Soğuk hava yüzüklerimi parmaklarımdan çıkmayacak hale getirdi. Elimin rengi bir elma ağacında olsa, “olgunlaşmış bu” diyeceğimiz cinsten. Adımlarım sakar. Botlarımın altı çamur tutmuş. Dengemi bulmakta zorlanıyorum. Kulağımda fazla soğuktan kaynaklanan bir uğultu var. Gözlüklerimin buğulanmasıyla iç ortama girdiğimi anlıyorum. Görüş açımın açılmasını bekliyorum. En yakın tabureye oturuyorum. Rengi kahverengi. Hangisi olduğunun bir önemi yok. Zemin siyah. Sağ tarafımda kalan duvarda bir çatlak var. Tavandan ayaklarımın bastığı zemine kadar uzanıyor. Odada yalnız olma düşüncesi birkaç nefes alış sesiyle ihanete uğruyor. Gözlerimi nefesin geldiği yere dikiyorum. Bunu anlamış olacak ki, nefes de bana bakıyor. Beyaz saçlı, sakalları birbirine karışmış, gözünün akı saçlarına özenmiş biri. Bıyıklarının altları sarı. Dişlerinin beyazı, kirli tabakanın altında kalmış. Burnu birçok yasak işe karışmaktan mahpus yatmış, kaşları sadece iyi günde yanında olan dostlar gibi bakmamış bir daha yüzüne burnun. Böyle bir yüz işte. Yolda yürürken arkandan geldiğini bilsen adımlarını hızlandıracağın bir yüz.
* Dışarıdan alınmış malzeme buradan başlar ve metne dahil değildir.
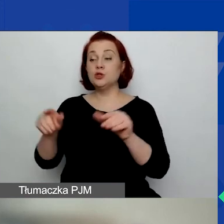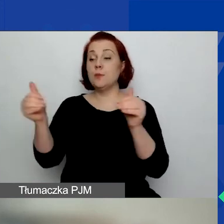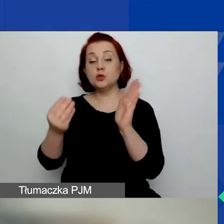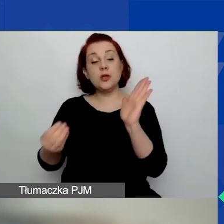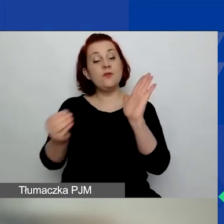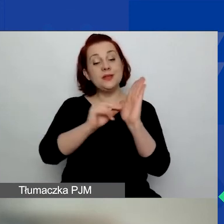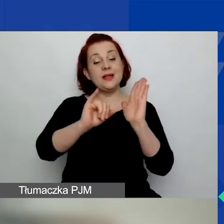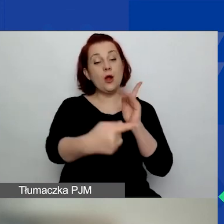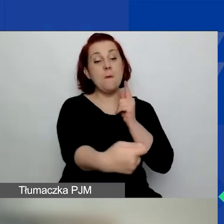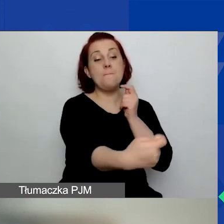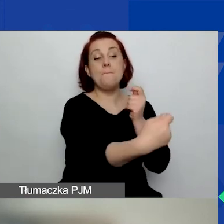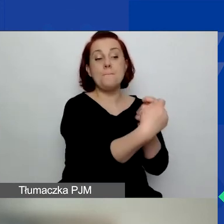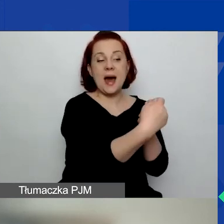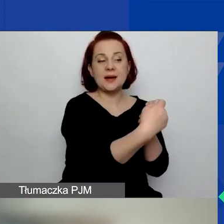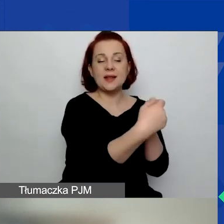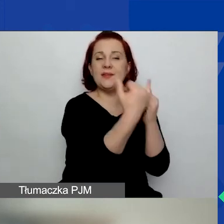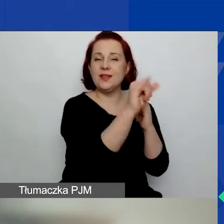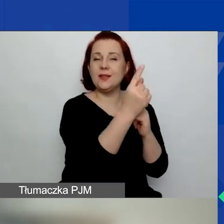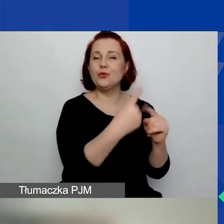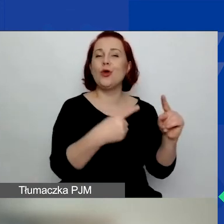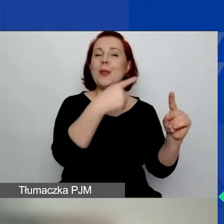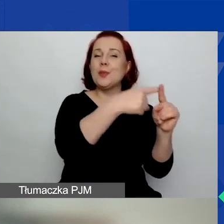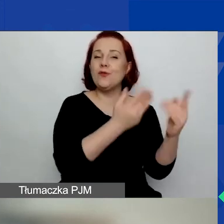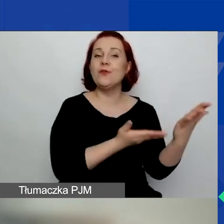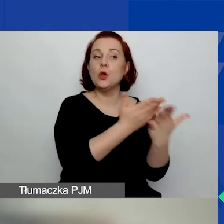w jednym dodatkowym wniosku składanym przez inną organizację.

Çantamın ön gözünden, birkaç el değiştirdiği belli olan kitabımı çıkarıyorum. Kapağı ters bir şekilde yerleştiriyorum. Masayla yüz yüze gelmiş kısımda “Kendine Ait Bir Oda” yazıyor ama bunu bir tek ben biliyorum. Ne zaman sakallarımla uyumsuz kitaplar okusam kapakları göremeyeceğim şekilde kıvırır ve içlerindeki bilgiye muhtaç değilmişim gibi davranırım.
Birkaç dakika önce fazla dikkat kesildiğim yüz, bu utancımı ortaya çıkarmak istermiş gibi bana bakıyor şimdi. Gözlerini üzerimde hissettikçe kendime karşı bir tiksinme duyuyorum. Aklımdan geçen onlarca düşünceden birini tutuyorum hemen. Çok mu dar giyindim bugün? Çok mu belli ettim? Yürümemde mi bir sorun vardı? Sorularımın hepsi kendime dönüktü. Kendimi, o yüzün hayatının merkezine koydum. Kafamı tekrar kitaba çevirdiğimde sayfada “benim aklımın özgürlüğüne vurabileceğiniz hiçbir kilit, hiçbir kapı, hiçbir sürgü yoktur ” yazıyordu. Virginia Woolf sayfaya bu kelimeleri işlerken ne düşünüyordu? Sadece bir bakış, insanı kendinden şüphe ettirebilecekken, benliği sarsan şey, aslında sadece sararmış bir bıyıktan ibaretken.. Elim, titreyerek de olsa kahve fincanına uzandı ve boğazım buruk kahvenin tadına baktı. Yüzümün o an aldığı hal, karşımdaki adamın aynası vazifesini üstlendi.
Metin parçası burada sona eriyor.